— The records —
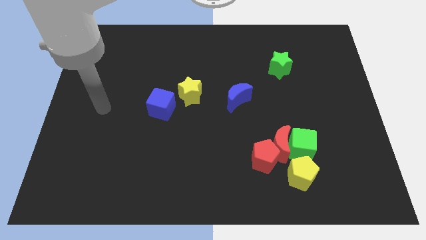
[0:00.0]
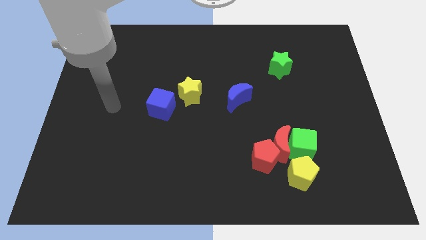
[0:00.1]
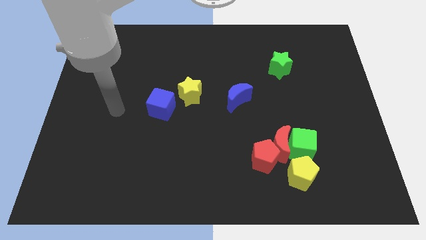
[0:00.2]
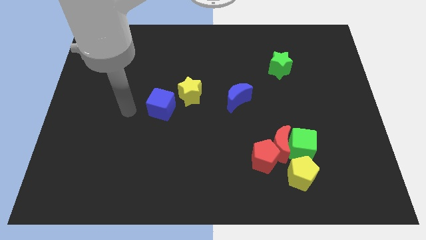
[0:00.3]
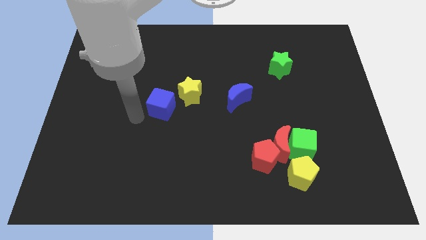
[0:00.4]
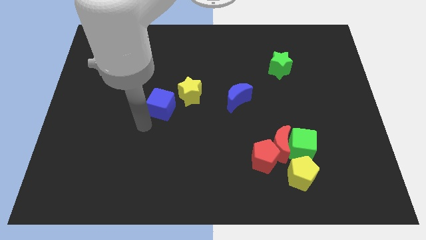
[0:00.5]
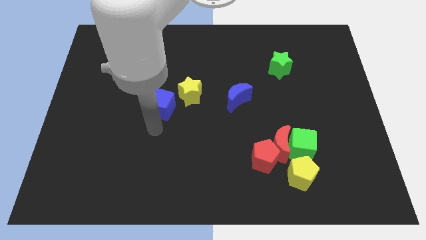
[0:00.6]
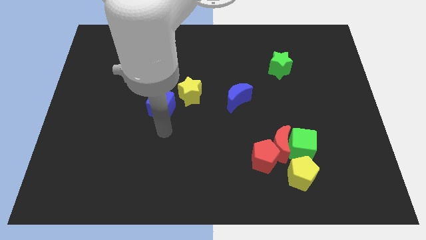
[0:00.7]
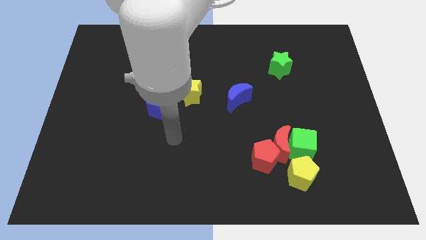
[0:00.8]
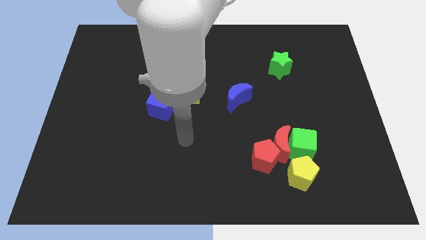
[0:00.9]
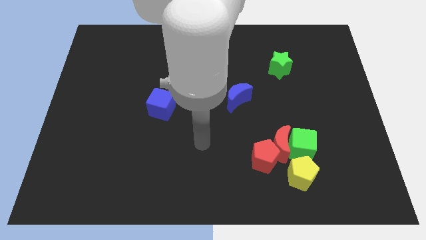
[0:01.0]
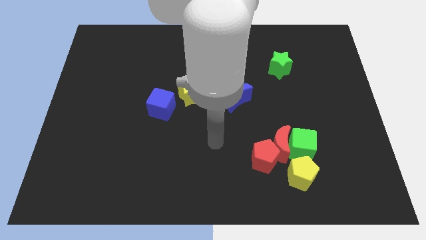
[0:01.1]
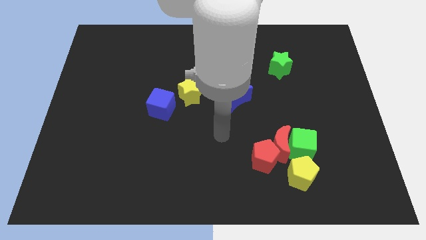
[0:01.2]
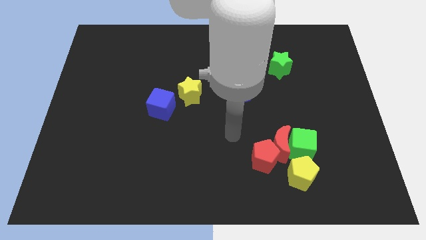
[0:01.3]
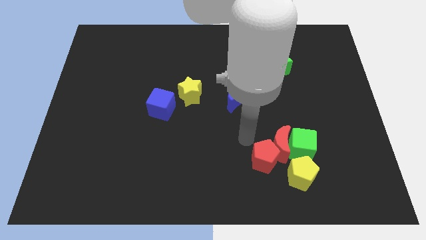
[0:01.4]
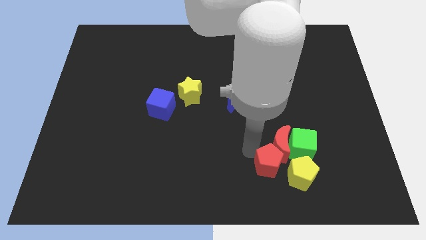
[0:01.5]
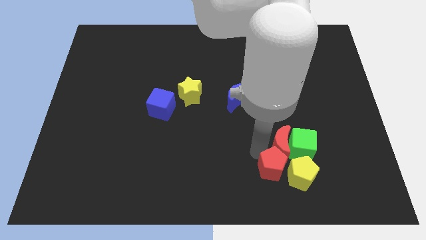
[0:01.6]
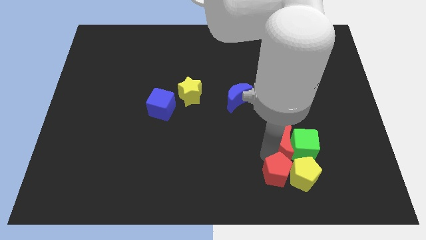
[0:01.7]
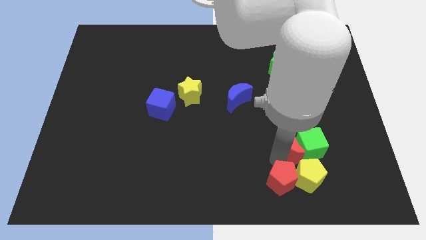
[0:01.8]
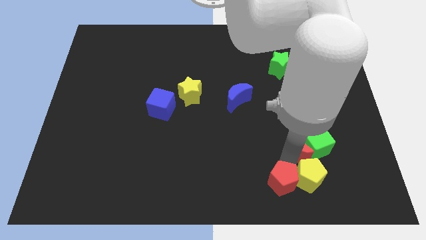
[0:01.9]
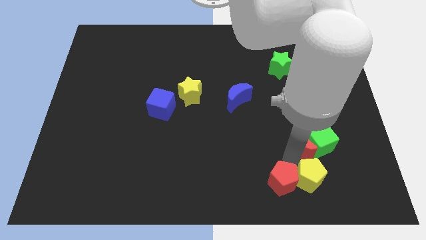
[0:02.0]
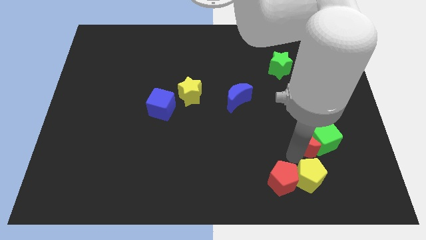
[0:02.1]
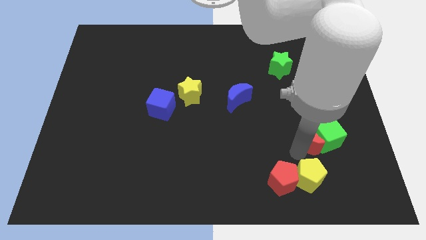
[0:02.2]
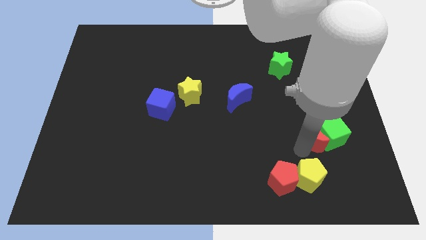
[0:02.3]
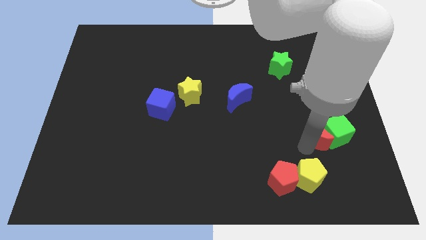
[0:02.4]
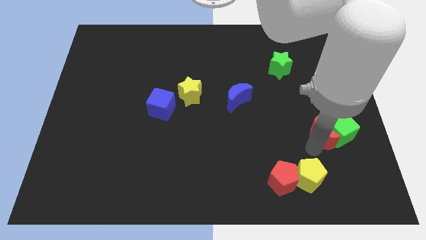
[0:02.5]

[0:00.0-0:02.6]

— Requirement —
I would like the material repeated in full and exactly, with its images omitted.

— Task response —
[0:00.0]
[0:00.1]
[0:00.2]
[0:00.3]
[0:00.4]
[0:00.5]
[0:00.6]
[0:00.7]
[0:00.8]
[0:00.9]
[0:01.0]
[0:01.1]
[0:01.2]
[0:01.3]
[0:01.4]
[0:01.5]
[0:01.6]
[0:01.7]
[0:01.8]
[0:01.9]
[0:02.0]
[0:02.1]
[0:02.2]
[0:02.3]
[0:02.4]
[0:02.5]

[0:00.0-0:02.6]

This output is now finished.